Workout auditions generally began with warm-ups. 

  • Physical warm-ups:  stretching mostly. 
  • Vocal warm-ups: vowel sounds and consonants, word combinations, and tongue twisters. 
Next are group concentration exercises and energy transfers.  An explanation of these exercises here would be too long.  What the actor needs to know, is to follow directions and not to perform the exercises.  Just do them. 

During these exercises the director and the pre-production staff may mingle with the actors.  Most of the time, this type of audition is very friendly and informal. 

After warm-ups, workout auditions may move on to theater games and improvisations.  Actors are put into groups and placed into situations with goals and conflicts.  Most of the time the situations are not realistic and are often very funny.  Improvisations may be loosely based on some of the same conflicts and situations found in the play.

Occasionally actors who cannot work in this manor usually excuse themselves from the auditions and do not return for callbacks. 

The play is usually discussed after the audition in an informal setting. 

A director using this method chooses his cast without the actors' input.  He may however, during callbacks, use a form of the cold reading to pair actors. 

It is possible to use all four methods of audition.  Most musicals do.


A consistent director sets his rehearsal environment and his relationship to his cast during auditions.  Therefore, an observant actor may learn as much about the director and the production during audition process, as the producer and director learn about the actor. 

The type of auditions often reflects the style of rehearsal and the experience of the performance. 

  • If the auditions are high energy, then the rehearsals and performances will be. 
  • If the auditions are very controlled, the rehearsals will be strict and the production exact. 
  • If the production staff is lost in auditions, it will be a miracle if they find themselves by production.  Do not confuse openness and enjoyment with being lost.  A production can be very freeform and be right on target, or it can be very controlled and miss the mark completely.  An actor develops a feel for these things. 

I hope this information has helped. jdj
© john daniels, jr.
updated 12/26/03
*Do we really adapt the play to fit the actors who audition?

Yes, for example:

In Tell Me about Amelia there is one role that was written for a 45-year-old male. 
It was played by: 

  • a 17-year-old girl as a 17-year-old character
  • a 27-year-old woman as a much older woman
  • and a 21-year-old woman as a 21-year-old woman.
Also another role in the same play which was originally written for a female, but has in 3 productions been played by a male.  The playwright has even decided that it works better as a male role, and has permanently changed the script.

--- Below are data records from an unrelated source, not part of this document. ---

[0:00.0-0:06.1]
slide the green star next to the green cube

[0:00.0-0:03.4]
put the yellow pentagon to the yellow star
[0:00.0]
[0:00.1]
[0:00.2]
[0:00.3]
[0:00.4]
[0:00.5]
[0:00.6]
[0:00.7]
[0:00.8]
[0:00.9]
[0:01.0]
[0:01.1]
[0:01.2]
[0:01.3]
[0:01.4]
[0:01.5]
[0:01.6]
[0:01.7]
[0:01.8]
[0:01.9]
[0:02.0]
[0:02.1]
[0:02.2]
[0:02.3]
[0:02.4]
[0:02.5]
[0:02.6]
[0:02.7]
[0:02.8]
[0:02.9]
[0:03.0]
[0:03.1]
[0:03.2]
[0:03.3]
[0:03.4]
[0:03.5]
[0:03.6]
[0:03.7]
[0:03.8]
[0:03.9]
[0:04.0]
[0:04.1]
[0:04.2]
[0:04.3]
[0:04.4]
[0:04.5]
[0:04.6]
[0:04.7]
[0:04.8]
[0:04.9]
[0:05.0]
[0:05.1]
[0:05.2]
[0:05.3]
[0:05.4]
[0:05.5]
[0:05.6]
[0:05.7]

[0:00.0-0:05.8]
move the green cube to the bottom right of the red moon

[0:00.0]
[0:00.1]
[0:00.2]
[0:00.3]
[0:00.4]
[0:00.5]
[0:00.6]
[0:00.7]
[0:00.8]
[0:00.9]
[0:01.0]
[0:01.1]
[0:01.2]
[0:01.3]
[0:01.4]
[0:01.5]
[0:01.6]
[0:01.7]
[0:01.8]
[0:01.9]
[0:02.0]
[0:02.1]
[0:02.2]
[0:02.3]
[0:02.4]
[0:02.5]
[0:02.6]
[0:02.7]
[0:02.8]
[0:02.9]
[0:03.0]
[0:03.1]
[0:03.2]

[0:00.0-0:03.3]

In Six-Bit Trip two roles were cast with actors who were the opposite sex from the originally written characters.  A female was cast in a role written for a male, and a male was cast in a role written for a female.  This was done because they were the best actors for the roles.  The only changes of the script were to change the character name and the he's and she's.

At one musical audition, the actor we needed just didn't walk in the door.  So we divided the role between three different people.